Not surgically. You can delete the source document and either re-embed the entire collection (thorough but expensive) or maintain a deletion log that filters out affected embeddings at query time (practical for daily operations). Most production systems use filtering day-to-day and periodic re-embedding on a schedule.
Does GDPR apply to AI-generated outputs?
Yes. If an AI system generates output that contains or is derived from personal data, that output is subject to GDPR. Purpose limitation means data collected for one task (code review) can't be reused for another (model training) without separate legal basis.
What is the EU AI Act and when does it take effect?

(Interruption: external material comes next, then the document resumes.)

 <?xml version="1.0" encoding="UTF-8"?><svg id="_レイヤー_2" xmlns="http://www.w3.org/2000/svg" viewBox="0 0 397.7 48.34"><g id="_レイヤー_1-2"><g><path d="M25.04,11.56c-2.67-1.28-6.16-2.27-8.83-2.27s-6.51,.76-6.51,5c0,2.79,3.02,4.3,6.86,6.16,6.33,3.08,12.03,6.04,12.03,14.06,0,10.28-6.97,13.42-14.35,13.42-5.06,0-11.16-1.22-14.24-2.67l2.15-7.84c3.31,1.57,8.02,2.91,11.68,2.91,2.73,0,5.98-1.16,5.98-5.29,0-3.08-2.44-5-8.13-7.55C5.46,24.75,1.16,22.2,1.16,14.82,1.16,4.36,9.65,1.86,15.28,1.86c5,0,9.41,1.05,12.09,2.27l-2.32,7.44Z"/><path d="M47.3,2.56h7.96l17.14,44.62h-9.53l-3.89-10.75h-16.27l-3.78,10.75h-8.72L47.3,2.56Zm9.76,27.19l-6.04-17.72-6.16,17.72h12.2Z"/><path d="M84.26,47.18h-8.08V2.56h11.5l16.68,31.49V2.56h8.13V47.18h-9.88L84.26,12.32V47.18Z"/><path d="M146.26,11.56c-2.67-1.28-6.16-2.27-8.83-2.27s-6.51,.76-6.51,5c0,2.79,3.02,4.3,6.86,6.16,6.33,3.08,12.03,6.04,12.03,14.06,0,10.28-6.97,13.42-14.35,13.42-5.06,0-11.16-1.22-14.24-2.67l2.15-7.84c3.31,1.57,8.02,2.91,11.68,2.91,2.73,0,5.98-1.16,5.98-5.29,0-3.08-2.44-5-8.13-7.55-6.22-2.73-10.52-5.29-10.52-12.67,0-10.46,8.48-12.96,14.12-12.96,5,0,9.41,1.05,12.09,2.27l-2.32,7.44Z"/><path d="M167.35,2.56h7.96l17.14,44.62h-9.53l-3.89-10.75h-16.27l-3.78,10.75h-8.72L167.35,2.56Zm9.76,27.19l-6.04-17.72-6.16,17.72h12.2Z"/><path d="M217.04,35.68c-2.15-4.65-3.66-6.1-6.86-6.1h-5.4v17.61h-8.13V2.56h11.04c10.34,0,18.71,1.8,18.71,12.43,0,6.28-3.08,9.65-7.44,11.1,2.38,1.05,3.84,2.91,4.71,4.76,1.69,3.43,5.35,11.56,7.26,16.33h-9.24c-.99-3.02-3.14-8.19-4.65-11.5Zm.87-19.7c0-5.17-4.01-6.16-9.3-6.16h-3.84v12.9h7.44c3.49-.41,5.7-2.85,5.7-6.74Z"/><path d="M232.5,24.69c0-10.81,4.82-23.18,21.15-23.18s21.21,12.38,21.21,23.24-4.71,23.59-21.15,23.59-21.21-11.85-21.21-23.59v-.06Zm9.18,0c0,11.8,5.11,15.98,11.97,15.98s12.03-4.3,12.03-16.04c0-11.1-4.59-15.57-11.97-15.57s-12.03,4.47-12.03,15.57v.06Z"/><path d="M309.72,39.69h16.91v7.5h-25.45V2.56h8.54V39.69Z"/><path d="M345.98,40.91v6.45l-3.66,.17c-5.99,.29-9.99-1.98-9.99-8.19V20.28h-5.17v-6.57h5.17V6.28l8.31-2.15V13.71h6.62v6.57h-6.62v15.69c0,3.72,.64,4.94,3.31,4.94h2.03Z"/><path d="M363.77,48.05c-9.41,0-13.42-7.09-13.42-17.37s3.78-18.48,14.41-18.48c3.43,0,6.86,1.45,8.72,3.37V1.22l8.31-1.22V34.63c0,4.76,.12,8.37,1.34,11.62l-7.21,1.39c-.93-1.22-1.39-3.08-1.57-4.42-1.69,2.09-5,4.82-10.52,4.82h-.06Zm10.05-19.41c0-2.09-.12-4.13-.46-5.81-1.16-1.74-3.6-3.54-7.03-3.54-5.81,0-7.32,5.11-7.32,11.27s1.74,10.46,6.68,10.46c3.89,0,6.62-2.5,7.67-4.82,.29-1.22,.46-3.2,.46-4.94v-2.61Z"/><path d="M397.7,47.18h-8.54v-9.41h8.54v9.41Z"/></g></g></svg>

The EU AI Act classifies AI systems by risk level. Prohibited practices (social scoring, real-time biometric surveillance) are already enforceable since February 2025. High-risk AI system requirements (including systems used for employment decisions) take effect August 2026. Fines range from €15M/3% (high-risk violations) to €35M/7% (prohibited practices).
How do you handle data residency requirements?
Deploy compute and storage in the required jurisdiction. EU data stays in EU regions. South African data can stay in SA or EU (POPIA recognizes EU as having adequate protection). Cross-border transfers to LLM providers (like Anthropic's US-based API) require Standard Contractual Clauses and a Transfer Impact Assessment.
What's the difference between silo, bridge, and pool isolation?
Silo: separate database per tenant (highest isolation, highest cost). Bridge: separate schemas in shared database (medium). Pool: shared tables with row-level security (lowest cost, highest risk if RLS has a bug). For AI embeddings specifically, silo is recommended because a single misconfigured query in a pool model could expose all tenants' semantic data.
Does Anthropic train on API data?
No. Anthropic's API data policy specifies 7-day retention with no model training use and no sharing with third parties. This is a meaningful privacy advantage for enterprise deployments.
How much does compliance cost?
Budget roughly $80K-$150K for the first 18 months covering SOC 2 Type II, ISO 27001, DPAs with SCCs, DPIAs, and POPIA registration. Annual ongoing costs are $25K-$50K. A compliance automation platform (Vanta, Drata) reduces staff time by 60-70%.